Penurunan fungsi ginjal akut seperti glomerulonefritis akut ataupun pada stenosis arteri renal
bilateral yang menyebabkan gangguan ataupun penurunan fungsi jantung yang akut
dimanifestasikan dengan gagal jantung akut, aritmia, ataupun iskemia. Bagian dari tipe ini
mengacu pada kelainan fungsi jantung sekunder terhadap AKI (Neki, 2015).
4. Sindroma Kardiorenal tipe 4
Merupakan Sindroma Renokardial kronik, dimana kelainan ginjal kronik atau gagal jantung
kronik (seperti penyakit glomerulal) menyebabkan penurunan fungsi jantung, hipertrofi ventrikel,
disfungsi diastolik, serta peningkatan risiko terjadinya penyakit kardiovaskuler. Penyakit ginjal
kronik mengakibatkan penurunan fungsi jantung atau gagal jantung, dan penyakit jantung
iskemik. Berbagai efek disfungsi ginjal menyebabkan gangguan fungsi jantung meliputi
ketidakseimbangan hemodinamik, inflamasi kronik, dan prosesaterosklerosis progresif (Neki,
2015).
5. Sindroma Kardiorenal tipe 5
Merupakan Sindroma Kardiorenal sekunder, dimana terdapat kombinasi disfungsi antara jantung
dan ginjal yang disebabkan oleh penyakit sistemik akut atau kronik. Gangguan ataupun disfungsi
simultan fungsi jantung atau ginjal disebabkan baik oleh obat-obatan maupun gangguan sistemik
seperti penyakit autoimun, diabetes melitus, amiloidosis, hipertensi, sepsis, ataupun disseminated
intravascular coagulation (DIC). Gangguan tersebut dapat bersifat akut (seperti pada sepsis)
ataupun kronik (seperti akibat diabetes melitus) (Neki, 2015).

Ketika terjadi gagal jantung, penurunan fungsi sistolik atau diastolik ventrikel kiri
menyebabkan sejumlah perubahan hemodinamik termasuk penurunan cardiac output, stroke volume
dan pengisian arterial. Penurunan darah arterial ini ditangkap oleh baroreseptor arterial dan terjadi
pelepasan neurohormonal sebagai mekanisme kompensasi dengan tujuan mengoreksi dan
memperbaiki perfusi organ. Pengaktifan pada sistem renin-angiotensin (SRA), sistem saraf simpatis,
endothelin dan arginin vasopresin mendorong terjadinya retensi cairan. Sistem vasokonstriksi
dengan retensi natrium ini diimbangi oleh vasodilator, sistem hormonal natriuretik atau sistem
sitokin, termasuk natriuretik peptida, prostaglandin, bradikinin dan nitric oxide (NO) (Obi, 2015).

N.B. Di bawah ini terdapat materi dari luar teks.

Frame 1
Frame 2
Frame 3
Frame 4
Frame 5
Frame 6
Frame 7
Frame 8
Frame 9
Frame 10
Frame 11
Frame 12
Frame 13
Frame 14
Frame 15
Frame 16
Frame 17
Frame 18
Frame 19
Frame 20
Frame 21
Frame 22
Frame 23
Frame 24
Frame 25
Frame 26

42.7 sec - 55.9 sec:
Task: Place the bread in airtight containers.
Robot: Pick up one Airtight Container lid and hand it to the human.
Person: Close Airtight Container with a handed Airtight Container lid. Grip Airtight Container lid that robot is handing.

Pada kondisi fisiologis normal jalur ini akan membantu ketersediaan status volume dan tonus
vaskular dengan mengoptimalkan cardiac output dan perfusi organ. Kondisi ini bila berlangsung
secara terus menerus dapat menyebabkan terjadinya disfungsi ginjal yang mendorong aktivasi
patologik dari SRA, yang akan mengaktifkan jalur nikotinamida adenin dinukleotida fosfat-oksidase
(NADPH-oksidase), yang menyebabkan pembentukan reactive oxygen species (ROS) secara
berlebihan.
Sindroma Kardiorenal selalu melibatkan secara bersama-sama gagal jantung dan gagal ginjal.

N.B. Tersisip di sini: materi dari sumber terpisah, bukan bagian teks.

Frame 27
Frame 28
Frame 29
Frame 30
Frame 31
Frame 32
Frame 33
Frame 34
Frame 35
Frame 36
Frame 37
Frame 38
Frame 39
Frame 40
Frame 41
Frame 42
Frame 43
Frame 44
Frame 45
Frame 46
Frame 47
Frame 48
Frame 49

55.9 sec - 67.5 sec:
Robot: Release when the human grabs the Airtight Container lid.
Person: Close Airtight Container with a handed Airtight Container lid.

Gagal jantung merupakan suatu sindrom yang kompleks sebagai akibat dari gangguan fungsi dan
struktur jantung yang menghambat kemampuan jantung dalam berfungsi sebagai pompa untuk
mendukung sirkulasi fisiologis (Bart, 2012). Sindrom gagal jantung ini ditandai oleh gejala seperti
sesak napas, rasa capek, dan tanda-tanda seperti retensi cairan. Manifestasi klinis dari sindrom
kardiorenal dapat berupa satu atau lebih dari gambaran spesifiknya yaitu: 1) kegagalan kardiorenal
ringan (gagal jantung + LFG 30-59 ml/menit/1,73 m 2); sedang (gagal jantung + LFG 15-29
ml/menit/1,73 m2); dan berat (gagal jantung + LFG < 15 ml/menit/1,73m 2). 2) penurunan fungsi
ginjal selama pengobatan gagal jantung (perubahan kreatinin > 0,3 mg/dl atau > 25% kreatinin
awal). 3) adanya resistensi terhadap diuretik (kongesti yang menetap meskipun dengan > 80 mg
furosemid/ hari, > 240 mg furosemid/hari, infus furosemid kontinyu, serta kombinasi terapi diuretik
(diuretic loop + thiazide + antagonis aldosteron) (Komal, 2016).

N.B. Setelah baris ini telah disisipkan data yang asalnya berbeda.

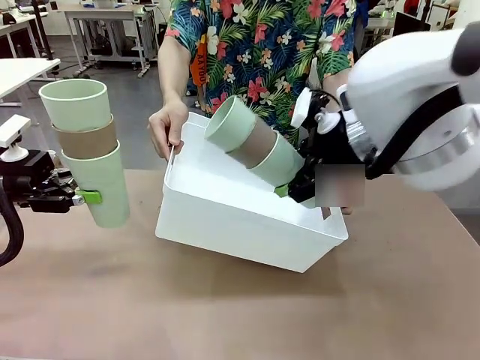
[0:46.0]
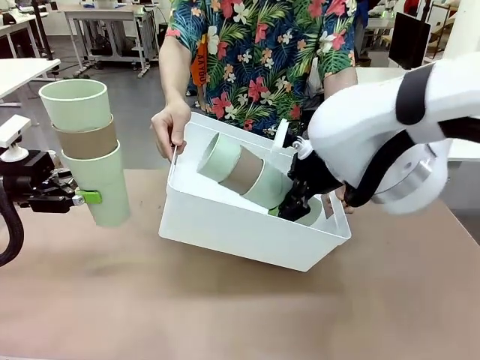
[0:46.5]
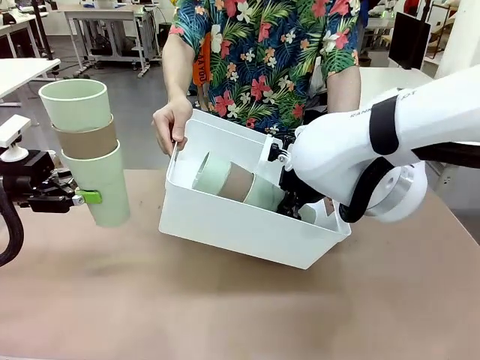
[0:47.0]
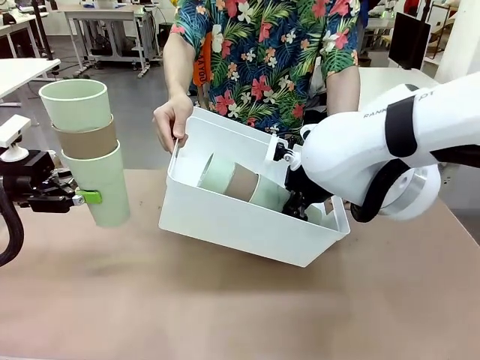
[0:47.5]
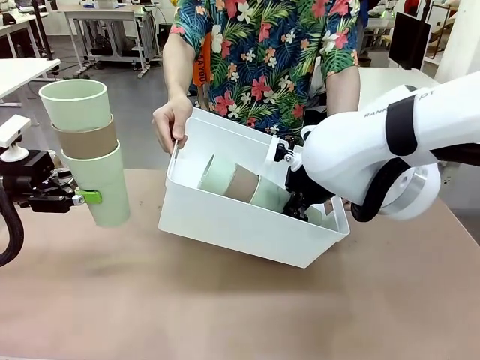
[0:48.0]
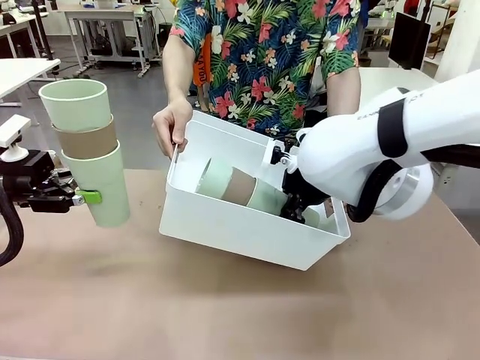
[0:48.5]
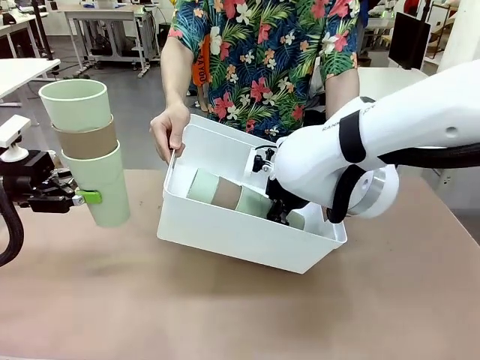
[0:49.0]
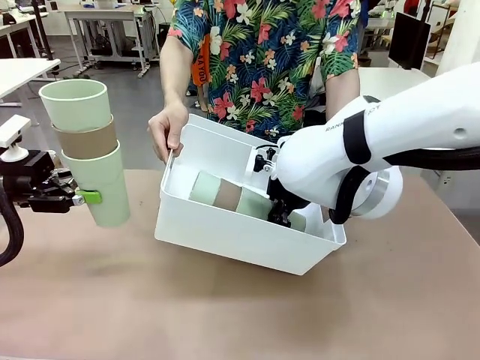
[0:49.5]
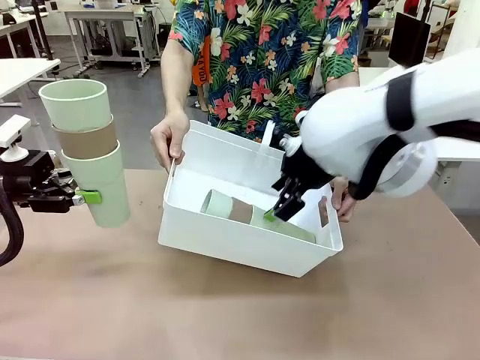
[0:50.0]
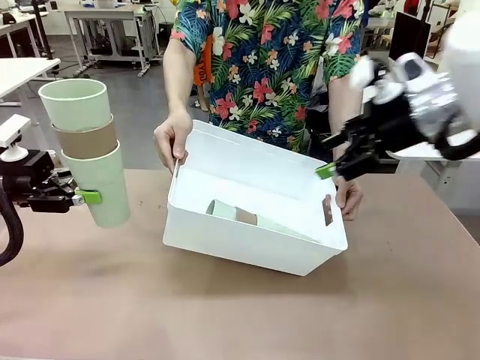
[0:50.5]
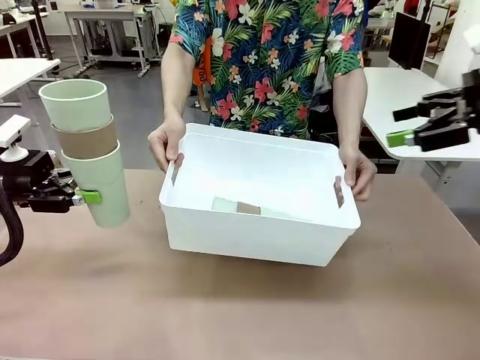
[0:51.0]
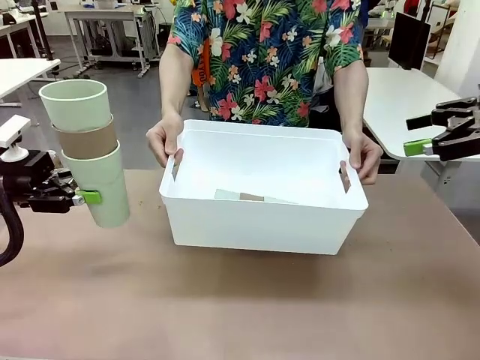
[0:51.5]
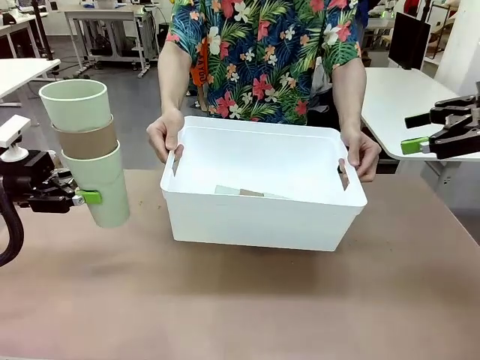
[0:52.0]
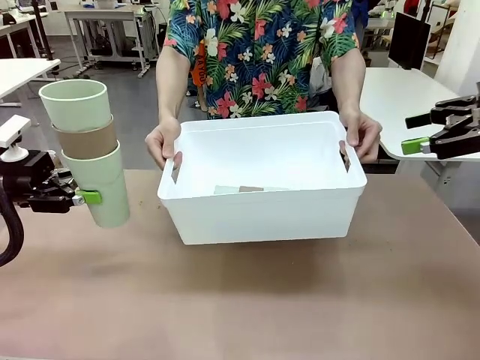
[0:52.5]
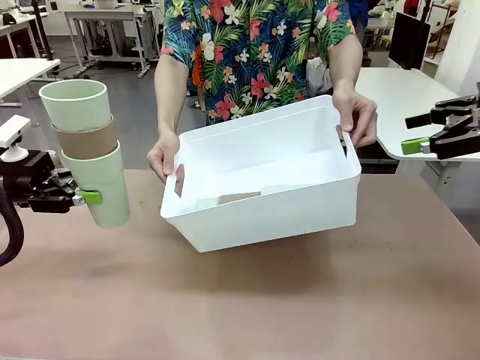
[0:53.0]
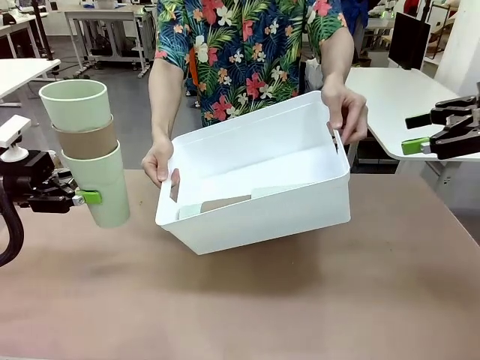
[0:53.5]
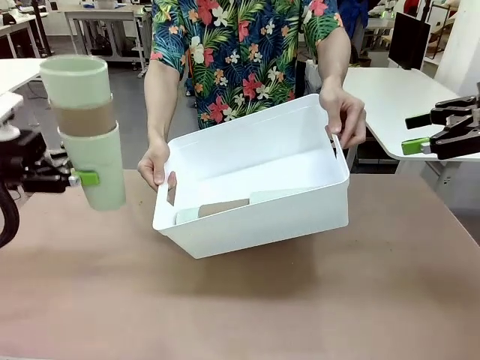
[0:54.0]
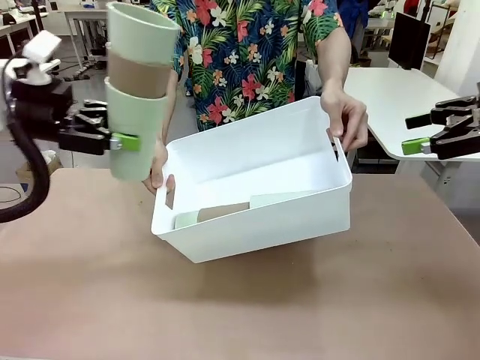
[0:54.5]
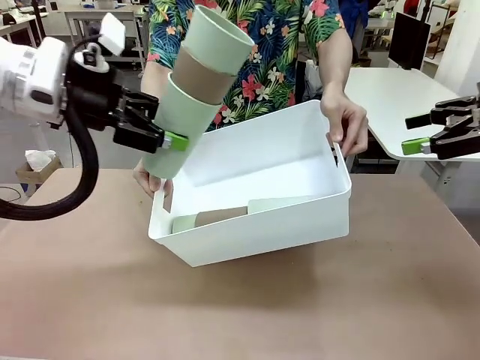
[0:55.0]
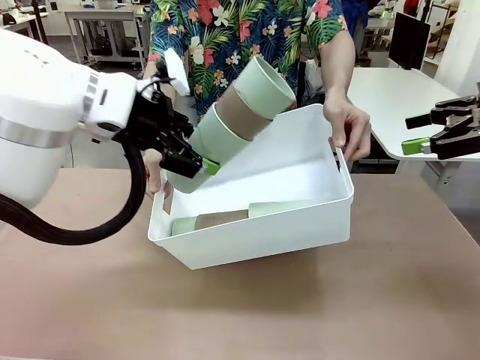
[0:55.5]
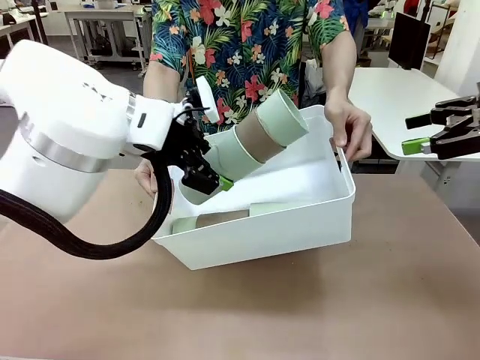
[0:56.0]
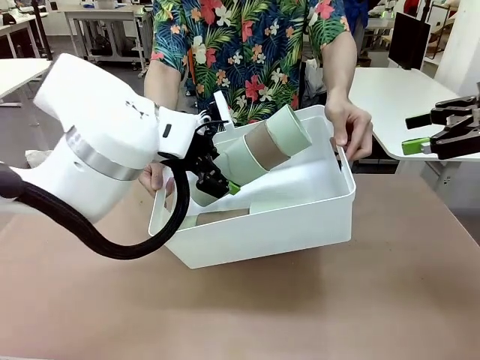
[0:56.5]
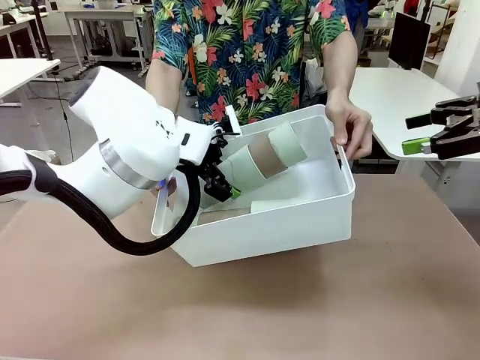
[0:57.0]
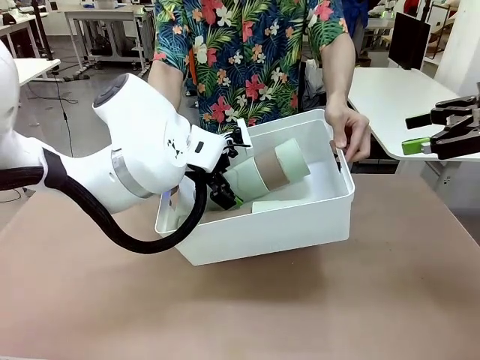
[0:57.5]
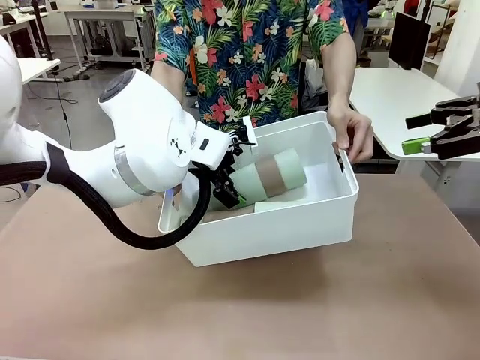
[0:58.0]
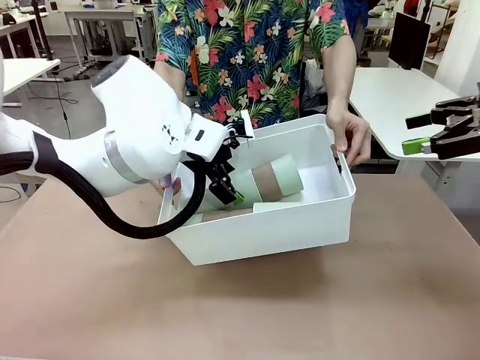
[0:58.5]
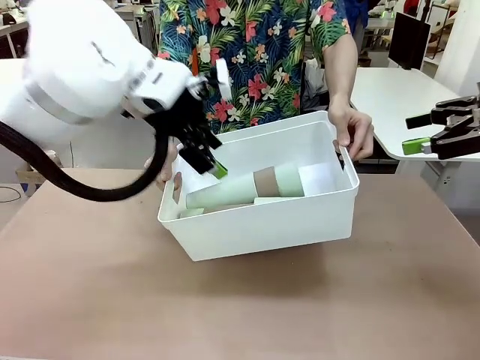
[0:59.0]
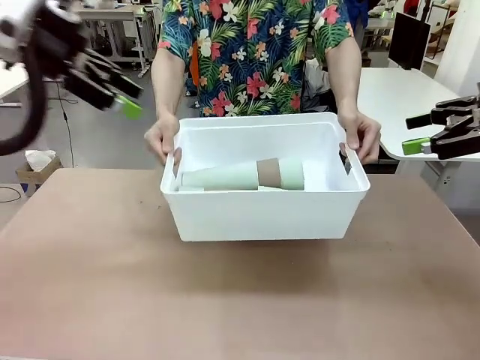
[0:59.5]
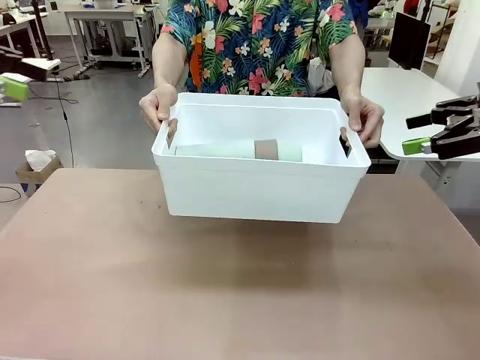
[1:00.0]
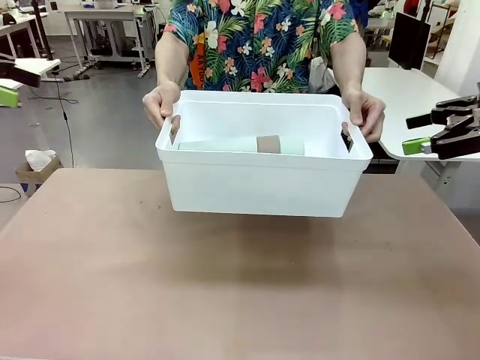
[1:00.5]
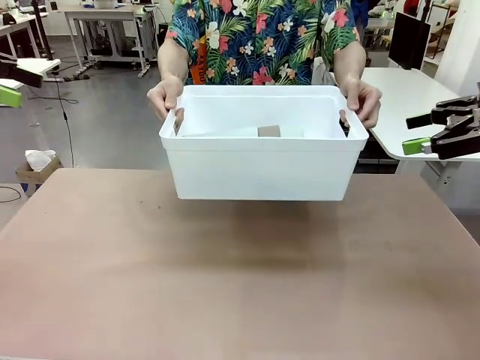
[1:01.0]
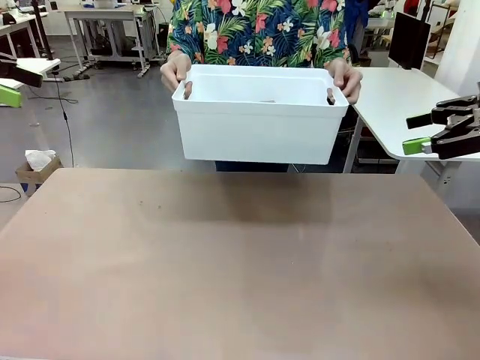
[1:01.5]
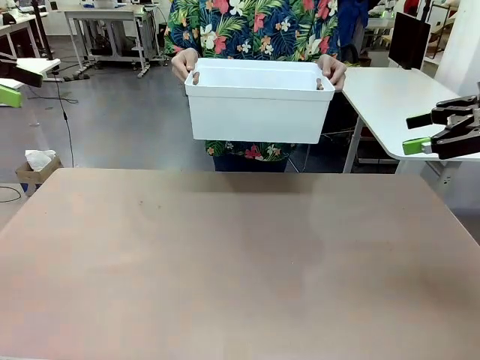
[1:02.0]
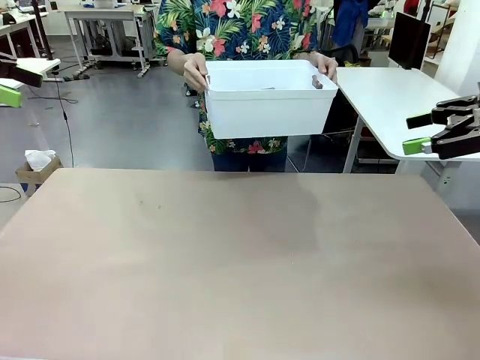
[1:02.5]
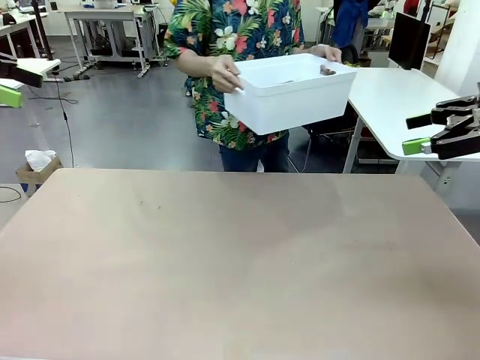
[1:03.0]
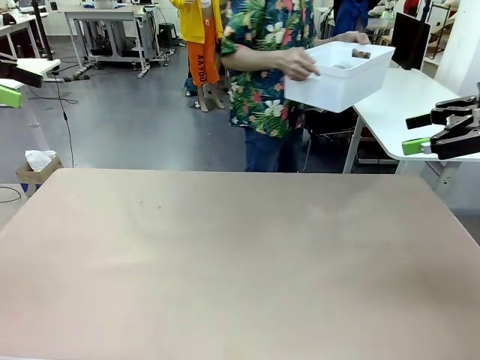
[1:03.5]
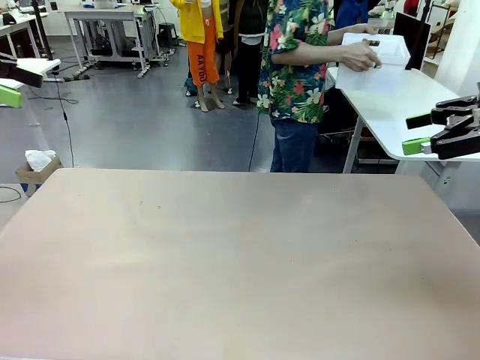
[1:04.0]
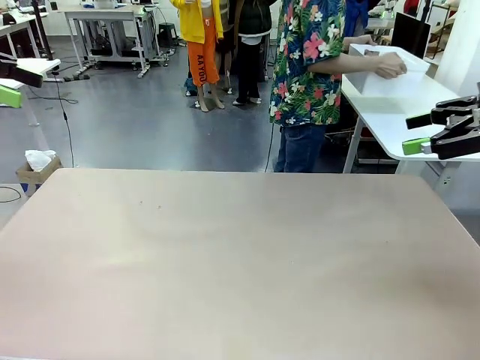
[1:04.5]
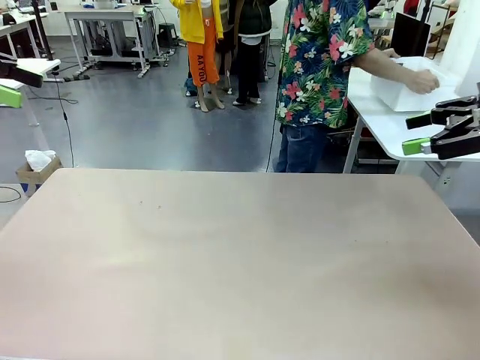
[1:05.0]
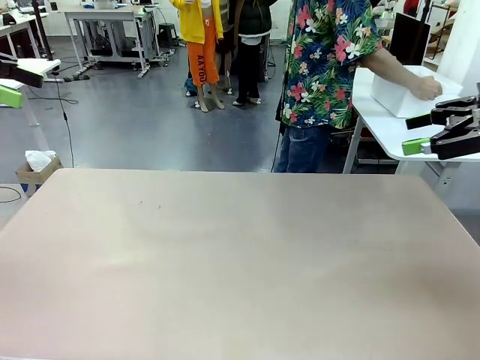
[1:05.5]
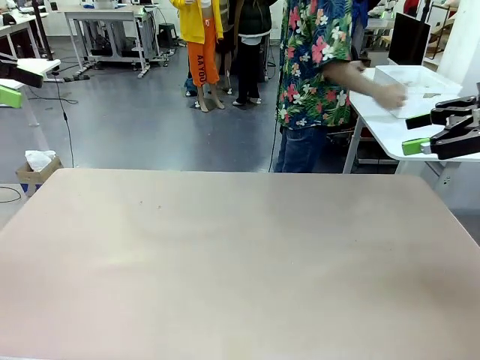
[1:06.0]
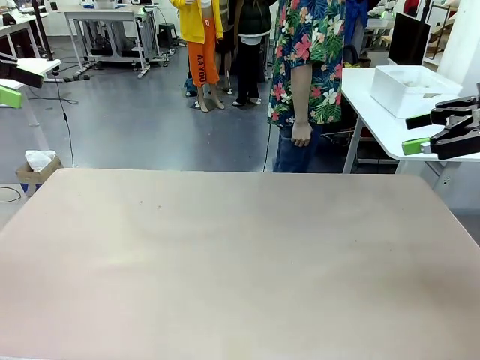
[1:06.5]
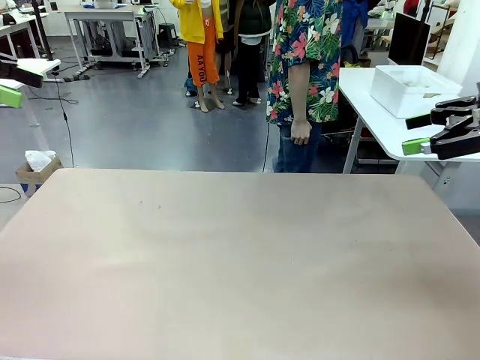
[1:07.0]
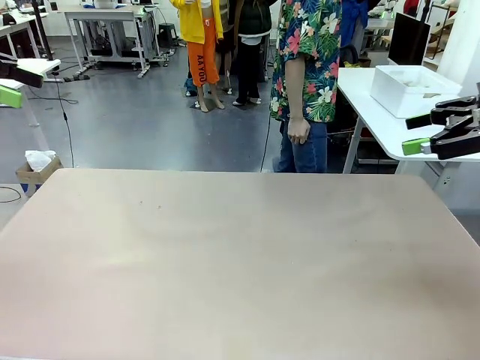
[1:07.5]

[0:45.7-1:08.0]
Task: Stack the cups and store them in the basket.
Robot: Place the stack of Reusable plastic cups into the Pantry Basket.
Person: Place the basket containing the cups in the middle of the Human Table.

Penurunan fungsi ginjal dengan atau tanpa resistensi terhadap diuretik selama pengobatan
gagal jantung selalu menjadi faktor yang mempersulit klinisi (Cortesi,2017). Guideline tatalaksana
gagal jantung dan gagal ginjal belum mencakup strategi yang konsisten dan efektif; masih dilakukan
pendekatan empirik, yaitu: deteksi sindrom kardiorenal, mengantisipasi perburukan fungsi ginjal
dan/atau resistensi diuretik, optimalisasi pengobatan gagal jantung, evaluasi struktur dan fungsi
ginjal, serta optimalisasi dosis diuretik dan terapi khusus untuk ginjal.
1. Deteksi Sindroma Kardiorenal dan antisipasi timbulnya perburukan fungsi ginjal atau resistensi
diuretik
Pasien-pasien yang memiliki risiko tinggi mengalami Sindroma Kardiorenal adalah pasien
disfungsi diastolik berat (tanpa melihat fraksi ejeksi), hipertensi pulmonal sekunder, disfungsi
ventrikel kanan, regurgitasi mitral atau trikuspid fungsional yang bermakna, riwayat gagal jantung
hingga dirawat di rumah sakit, ada riwayat perburukan fungsi ginjal dengan episode ADHF, atau
riwayat dialisis sementara (sering setelah operasi jantung atau pemberian kontras).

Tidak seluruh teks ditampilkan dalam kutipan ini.